P90X2 - Plyocide Review

I found this picture on one of my friends Pin Interest pages.  I like this and have seen the quote before.  Sometimes I have to remind myself to go the extra mile!

I feel like I did that tonight with the P90X2 Plyocide DVD.  Yes they joke that it's not suicide by plyometrics...not sure why they call it plyocide.

My husband wanted P90X part 2 for Christmas, and I basically wanted nothing to do with it.  Last year I injured an already injured shoulder doing the original P90X and ended up having shoulder surgery.

So why did I try it tonight?  A couple of reasons...I'm older and wiser (at least in theory), I've become a certified personal trainer in the interim and think I understand body mechanics, and moderation better, and finally - one of my spark teams is doing a challenge and I get extra points if I try something new.  I'm all about earning that extra point apparently.

Here's what you need:  a towel and some space in front of your DVD player at a bare minimum.  If you have it - they use (1) a stability ball, (2) a foam roller, (3) a medicine ball, and (4) a stretchy band.  If you want to you can put a large cross on the floor with tape, or you can just imagine the line and go for it.

The DVD starts out with a disclaimer and says very clearly that this is not for beginners.  They start the workout with cautions and I think this is all good.  In case you don't get it when they say it, here it is in black and white - this is not for beginners and I wouldn't advise it for anyone who needs to lose a lot of weight. 

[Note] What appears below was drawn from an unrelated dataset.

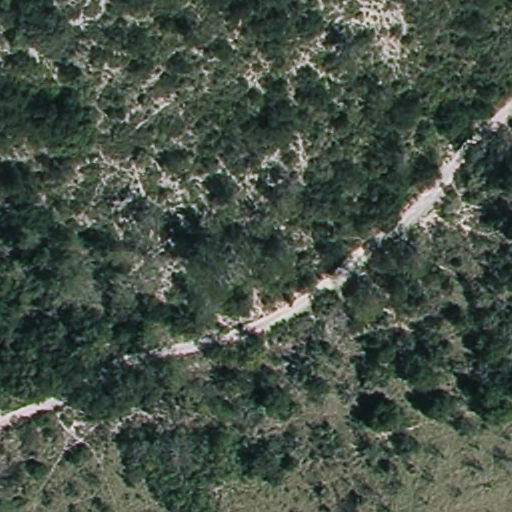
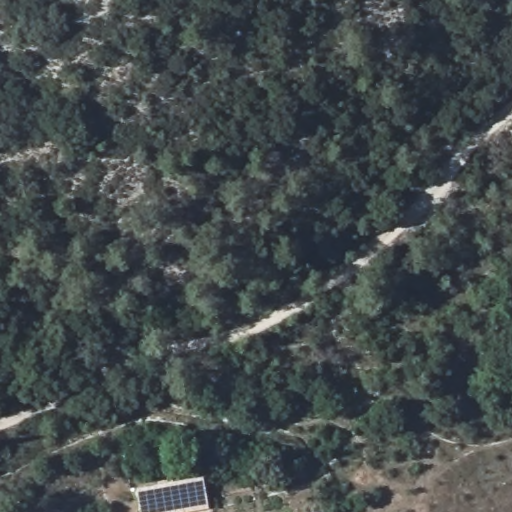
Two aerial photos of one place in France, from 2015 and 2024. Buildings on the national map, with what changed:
new [(203,477),(207,507),(178,512),(141,512),(137,489),(203,477)]

Pro - they do start out with a good warmup and some foam roller stretching.  I love my foam roller and use it everyday so I was good with the intro.  The whole DVD takes about 55 minutes.  I skipped two exercises that were too difficult for me and did high knee walking instead to keep my heart rate up.  I modified many of the exercises to be low impact - sometimes he gave instructions on how to do this, and sometimes he did not.

Con - I think he's old school in hanging onto Ballistic stretching.  Newer research shows that this can be dangerous and you can hurt yourself.  I did slower stretching of the same body part whenever he did ballistic (fast moving) stretching. 

Pro - The absolute best thing to me was the stretching they did at the end with the band.  I ran a race this weekend and running on concrete or pavement can really do a number on my hip.  The hip opener stretching he did was great and I feel loser now than when I started the workout.

Be sure you have a very large glass of water nearby.  I was open mouth breathing during some high impact stuff and was glad to have water with me.

I used a kickball rather than a heavy medicine ball for several of the exercises.  This allowed me to still get the moves, and learn the movement without trying to swing an 8 lb ball around.  The 8lb ball is what was recommended when we ordered the program.  I would start out with a light weight ball or a 2lb medicine ball - especially if you are new to working out with those.

He frequently reminded you that you could pause the DVD when necessary, took water breaks, and advised caution on more than one occasion.  I think that was all good.

In the end I got a good workout.  I found it challenging and have a lot of room for improvement.  I still would advise that novices order something else or exercise caution and do low impact versions.